The biggest lesson of the last 5 years of politics is that timing really matters. None of the years of chaos before Boris Johnson stopped Boris from winning the biggest Tory Majority since 1987. None of Donald Trump’s horrible 4 years of government stopped him from getting 47% of the vote in 2020. Democrats looked to be on track to hold at least two Senate seats they ended up losing in 2018, in large part because Republicans got a Supreme Court seat filled like a month before the midterms. Timing matters.
In Australia right now, we’ve seen a state government generally seen as having done very well lose and lose badly because of a bad few months at the wrong time, while Anthony Albanese racked up a huge polling lead going into the writ and is facing the beginning of questions about his ability to hold it when the chips are down. Politics has always been a game of what have you done for me lately, but holy shit is that clock ever getting closer and closer. None of what is said now will make a damn difference.
Yes, I know a regularly updating federal model would drive a lot of interactions to my work and give me the basis for a ton of columns here, but I can’t do it.

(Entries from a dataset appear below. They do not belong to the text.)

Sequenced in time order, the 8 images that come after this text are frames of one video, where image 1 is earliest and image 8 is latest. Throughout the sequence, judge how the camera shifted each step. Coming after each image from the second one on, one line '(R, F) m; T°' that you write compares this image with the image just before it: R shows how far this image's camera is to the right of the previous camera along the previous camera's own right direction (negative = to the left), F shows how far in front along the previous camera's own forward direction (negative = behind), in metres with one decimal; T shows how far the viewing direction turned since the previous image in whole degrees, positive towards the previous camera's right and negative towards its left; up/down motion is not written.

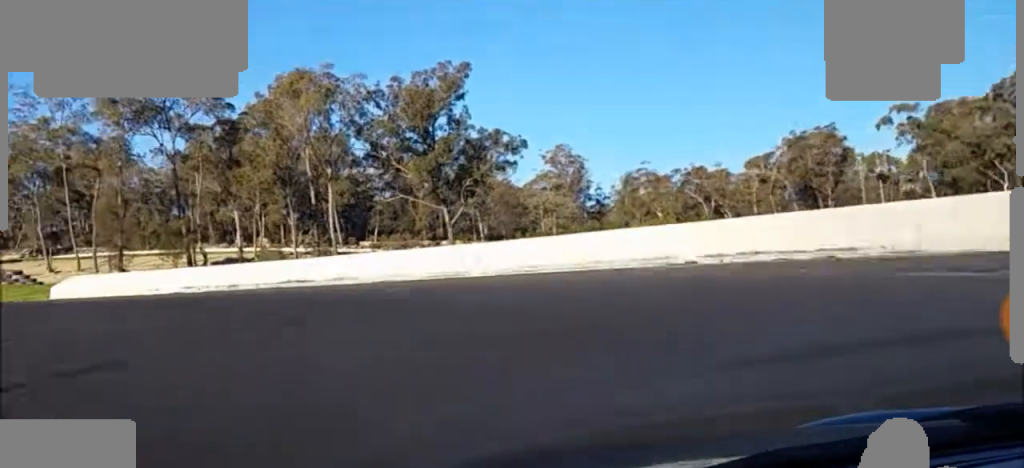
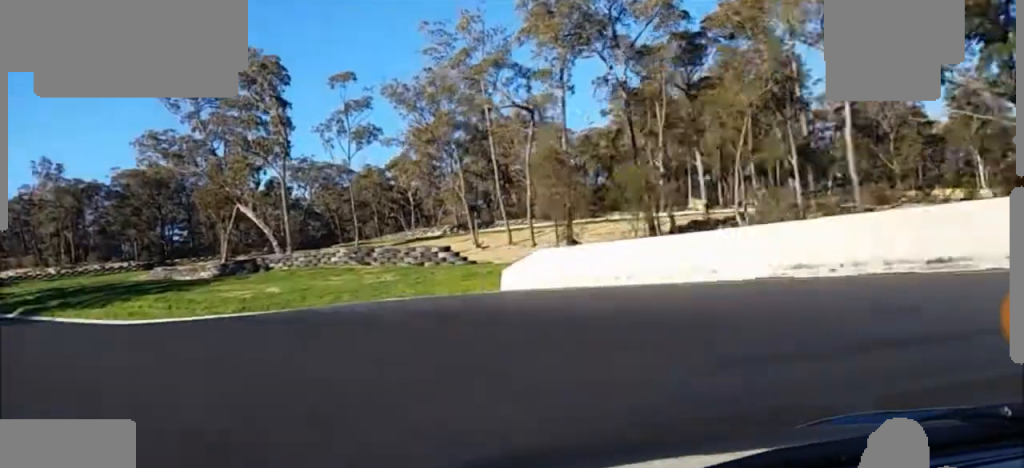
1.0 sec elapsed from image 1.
(-3.8, +24.2) m; -29°
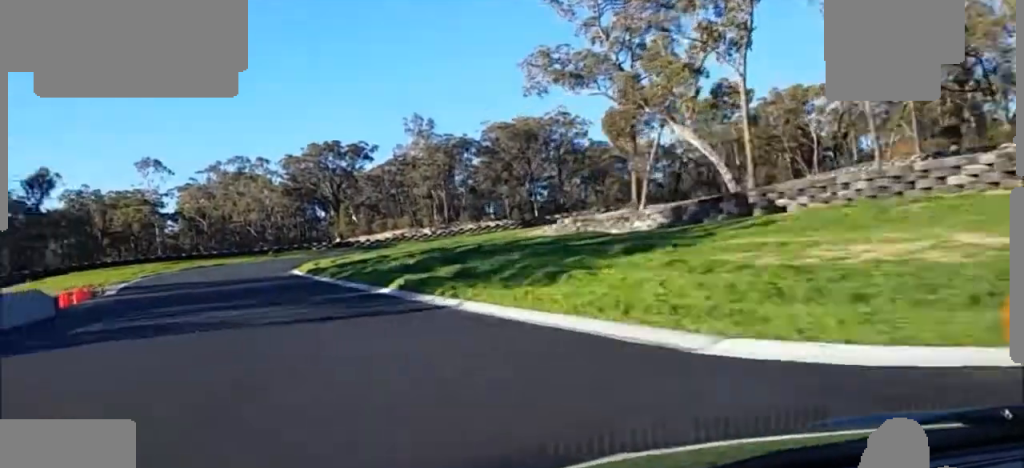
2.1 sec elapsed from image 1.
(-9.1, +23.6) m; -29°
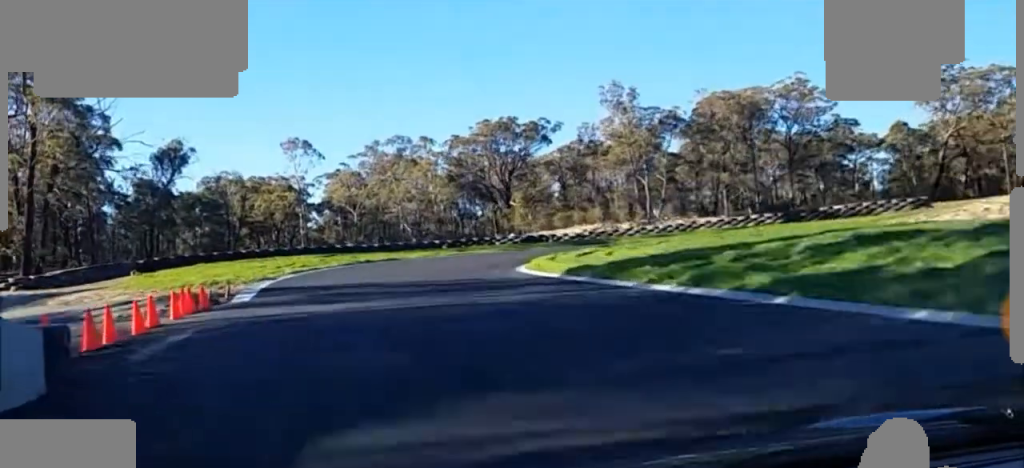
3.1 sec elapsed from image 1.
(-3.2, +23.0) m; -4°
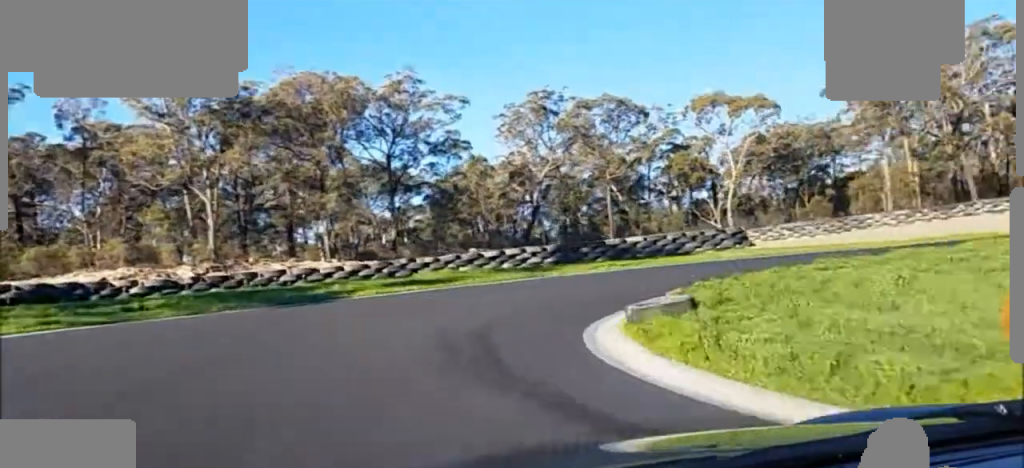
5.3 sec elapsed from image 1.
(+7.7, +38.3) m; +36°
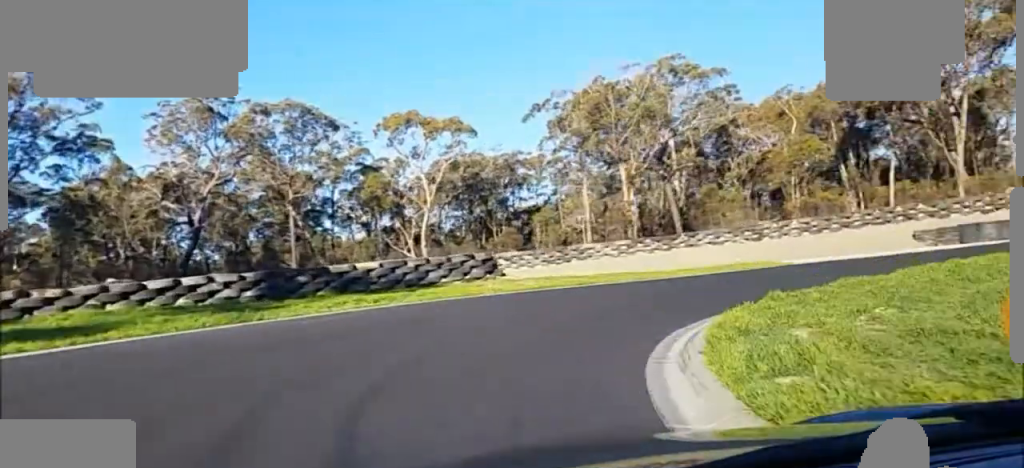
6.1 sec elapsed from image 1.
(+2.3, +11.5) m; +22°
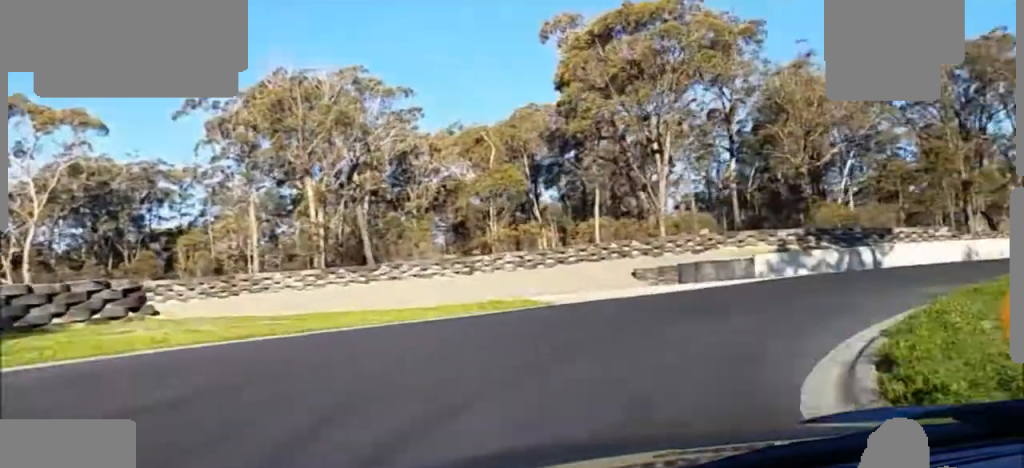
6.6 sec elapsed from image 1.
(+0.8, +8.4) m; +19°
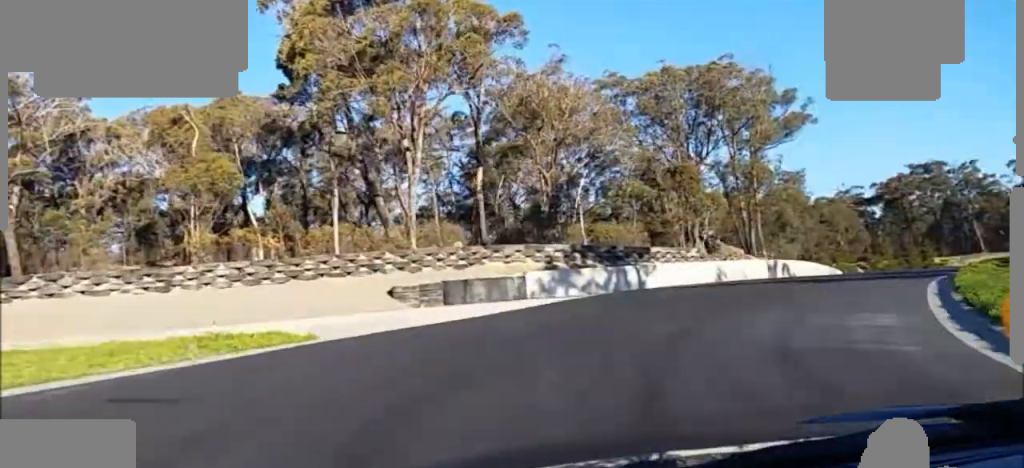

The time from Skippy winning the leadership to early 2025 will be a time of lots of activity and no importance, politically. It’s not good to be living and dying with every poll and every projection, and I know I feed that beast.
Skippy’s chances of becoming the next Prime Minister should be as low or as high today as they were before either Abacus or Leger released their data, and nobody should be changing their priors now about an election in 42 months. Trust me, it’s not worth it.